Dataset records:
******************************

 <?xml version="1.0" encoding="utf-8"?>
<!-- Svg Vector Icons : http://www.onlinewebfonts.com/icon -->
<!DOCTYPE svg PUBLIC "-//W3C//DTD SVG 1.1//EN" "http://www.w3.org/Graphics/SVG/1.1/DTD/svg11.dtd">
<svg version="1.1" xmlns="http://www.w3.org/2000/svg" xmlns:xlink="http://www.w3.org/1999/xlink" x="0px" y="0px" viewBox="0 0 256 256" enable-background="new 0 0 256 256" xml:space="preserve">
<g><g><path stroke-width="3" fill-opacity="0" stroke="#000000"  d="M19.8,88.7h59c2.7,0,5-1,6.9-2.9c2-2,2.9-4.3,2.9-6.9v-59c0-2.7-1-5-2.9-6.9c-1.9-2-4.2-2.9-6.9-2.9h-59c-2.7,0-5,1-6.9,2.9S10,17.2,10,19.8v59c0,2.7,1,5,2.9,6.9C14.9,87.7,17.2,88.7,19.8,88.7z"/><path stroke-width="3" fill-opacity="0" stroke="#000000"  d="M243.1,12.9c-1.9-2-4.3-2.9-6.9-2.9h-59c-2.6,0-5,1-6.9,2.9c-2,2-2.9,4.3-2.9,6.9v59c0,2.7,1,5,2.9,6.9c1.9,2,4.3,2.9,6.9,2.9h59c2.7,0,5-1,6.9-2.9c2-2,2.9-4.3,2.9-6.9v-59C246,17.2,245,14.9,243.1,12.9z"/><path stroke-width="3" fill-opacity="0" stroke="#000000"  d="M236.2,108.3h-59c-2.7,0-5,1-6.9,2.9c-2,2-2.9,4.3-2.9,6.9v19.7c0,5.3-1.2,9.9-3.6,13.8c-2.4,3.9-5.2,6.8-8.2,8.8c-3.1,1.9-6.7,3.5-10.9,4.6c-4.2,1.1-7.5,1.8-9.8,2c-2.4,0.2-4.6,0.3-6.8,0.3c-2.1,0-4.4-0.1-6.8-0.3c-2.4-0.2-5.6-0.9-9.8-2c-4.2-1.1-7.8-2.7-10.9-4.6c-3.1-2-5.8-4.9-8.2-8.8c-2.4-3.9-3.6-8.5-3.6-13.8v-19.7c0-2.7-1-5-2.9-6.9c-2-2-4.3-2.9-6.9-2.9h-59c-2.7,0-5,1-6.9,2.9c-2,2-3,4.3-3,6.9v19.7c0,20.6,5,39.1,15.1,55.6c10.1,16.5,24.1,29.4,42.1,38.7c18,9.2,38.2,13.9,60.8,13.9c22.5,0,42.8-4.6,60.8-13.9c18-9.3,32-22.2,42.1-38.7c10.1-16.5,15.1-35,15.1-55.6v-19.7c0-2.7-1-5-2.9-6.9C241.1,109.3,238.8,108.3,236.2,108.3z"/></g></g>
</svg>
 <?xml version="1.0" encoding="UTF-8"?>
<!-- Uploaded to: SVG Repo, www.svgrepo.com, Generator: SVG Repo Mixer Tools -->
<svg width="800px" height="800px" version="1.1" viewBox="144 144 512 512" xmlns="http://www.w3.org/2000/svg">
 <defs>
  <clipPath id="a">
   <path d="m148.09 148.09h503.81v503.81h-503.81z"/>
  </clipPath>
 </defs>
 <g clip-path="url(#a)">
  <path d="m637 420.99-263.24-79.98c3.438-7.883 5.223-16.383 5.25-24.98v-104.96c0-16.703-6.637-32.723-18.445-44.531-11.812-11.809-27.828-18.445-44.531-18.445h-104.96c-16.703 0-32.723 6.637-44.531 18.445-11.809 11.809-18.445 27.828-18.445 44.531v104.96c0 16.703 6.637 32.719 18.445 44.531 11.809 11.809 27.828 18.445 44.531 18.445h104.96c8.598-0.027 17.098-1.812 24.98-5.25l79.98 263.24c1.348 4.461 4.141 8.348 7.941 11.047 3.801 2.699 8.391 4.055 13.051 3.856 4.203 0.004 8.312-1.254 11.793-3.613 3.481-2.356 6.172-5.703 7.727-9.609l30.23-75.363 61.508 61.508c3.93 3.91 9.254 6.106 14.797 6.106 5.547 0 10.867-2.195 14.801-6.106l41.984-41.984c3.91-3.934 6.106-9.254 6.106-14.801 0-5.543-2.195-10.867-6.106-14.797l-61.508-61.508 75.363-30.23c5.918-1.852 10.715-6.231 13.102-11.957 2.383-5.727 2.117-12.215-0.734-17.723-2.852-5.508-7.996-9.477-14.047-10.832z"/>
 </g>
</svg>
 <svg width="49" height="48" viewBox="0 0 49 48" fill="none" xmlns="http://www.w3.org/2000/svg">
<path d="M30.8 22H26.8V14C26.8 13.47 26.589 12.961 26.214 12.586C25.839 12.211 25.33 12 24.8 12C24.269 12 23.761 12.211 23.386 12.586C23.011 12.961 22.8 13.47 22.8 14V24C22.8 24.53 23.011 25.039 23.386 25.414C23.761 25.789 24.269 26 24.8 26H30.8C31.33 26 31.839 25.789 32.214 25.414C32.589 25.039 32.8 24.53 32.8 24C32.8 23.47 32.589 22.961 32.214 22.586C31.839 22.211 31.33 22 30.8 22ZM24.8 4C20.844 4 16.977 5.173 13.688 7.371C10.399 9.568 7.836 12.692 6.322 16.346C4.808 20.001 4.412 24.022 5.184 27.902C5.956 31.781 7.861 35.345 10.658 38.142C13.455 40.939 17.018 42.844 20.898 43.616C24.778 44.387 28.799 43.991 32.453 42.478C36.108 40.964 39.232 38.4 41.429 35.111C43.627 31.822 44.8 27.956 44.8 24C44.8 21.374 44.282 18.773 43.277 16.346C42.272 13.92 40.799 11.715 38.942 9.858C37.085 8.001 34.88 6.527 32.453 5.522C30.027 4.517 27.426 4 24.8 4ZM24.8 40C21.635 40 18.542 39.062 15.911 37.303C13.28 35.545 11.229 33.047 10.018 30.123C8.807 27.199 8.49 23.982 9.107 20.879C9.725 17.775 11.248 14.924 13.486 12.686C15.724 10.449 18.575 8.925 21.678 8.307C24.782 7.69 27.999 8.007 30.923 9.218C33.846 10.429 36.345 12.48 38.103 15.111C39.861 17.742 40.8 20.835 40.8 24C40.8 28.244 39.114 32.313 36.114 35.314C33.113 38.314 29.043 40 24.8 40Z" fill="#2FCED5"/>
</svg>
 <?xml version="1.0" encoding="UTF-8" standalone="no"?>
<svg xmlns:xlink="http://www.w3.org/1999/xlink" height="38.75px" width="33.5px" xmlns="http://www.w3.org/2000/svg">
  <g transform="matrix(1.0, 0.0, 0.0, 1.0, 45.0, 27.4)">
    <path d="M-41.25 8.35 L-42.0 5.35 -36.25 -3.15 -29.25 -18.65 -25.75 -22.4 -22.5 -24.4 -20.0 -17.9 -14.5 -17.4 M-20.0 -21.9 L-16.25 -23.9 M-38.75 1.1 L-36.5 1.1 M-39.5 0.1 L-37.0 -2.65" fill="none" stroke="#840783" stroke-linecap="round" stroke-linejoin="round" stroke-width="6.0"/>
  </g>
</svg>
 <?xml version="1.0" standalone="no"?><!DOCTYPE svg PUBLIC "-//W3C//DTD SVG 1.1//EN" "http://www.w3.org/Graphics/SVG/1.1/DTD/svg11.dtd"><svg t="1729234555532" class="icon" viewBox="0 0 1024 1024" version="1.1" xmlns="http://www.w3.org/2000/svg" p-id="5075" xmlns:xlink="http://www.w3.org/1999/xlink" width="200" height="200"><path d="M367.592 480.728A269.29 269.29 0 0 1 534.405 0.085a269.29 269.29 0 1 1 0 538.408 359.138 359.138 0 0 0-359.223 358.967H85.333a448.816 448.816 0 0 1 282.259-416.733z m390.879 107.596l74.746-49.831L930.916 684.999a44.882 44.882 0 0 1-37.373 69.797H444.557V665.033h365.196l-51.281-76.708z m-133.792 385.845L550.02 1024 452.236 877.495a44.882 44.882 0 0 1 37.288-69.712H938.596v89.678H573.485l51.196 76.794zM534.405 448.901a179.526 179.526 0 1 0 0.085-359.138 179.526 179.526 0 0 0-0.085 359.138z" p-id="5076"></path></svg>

******************************

Aim of the exercise> The lines sought are those in the data above that include the string "none"; copy each one.

Your response>
 <svg width="49" height="48" viewBox="0 0 49 48" fill="none" xmlns="http://www.w3.org/2000/svg">
    <path d="M-41.25 8.35 L-42.0 5.35 -36.25 -3.15 -29.25 -18.65 -25.75 -22.4 -22.5 -24.4 -20.0 -17.9 -14.5 -17.4 M-20.0 -21.9 L-16.25 -23.9 M-38.75 1.1 L-36.5 1.1 M-39.5 0.1 L-37.0 -2.65" fill="none" stroke="#840783" stroke-linecap="round" stroke-linejoin="round" stroke-width="6.0"/>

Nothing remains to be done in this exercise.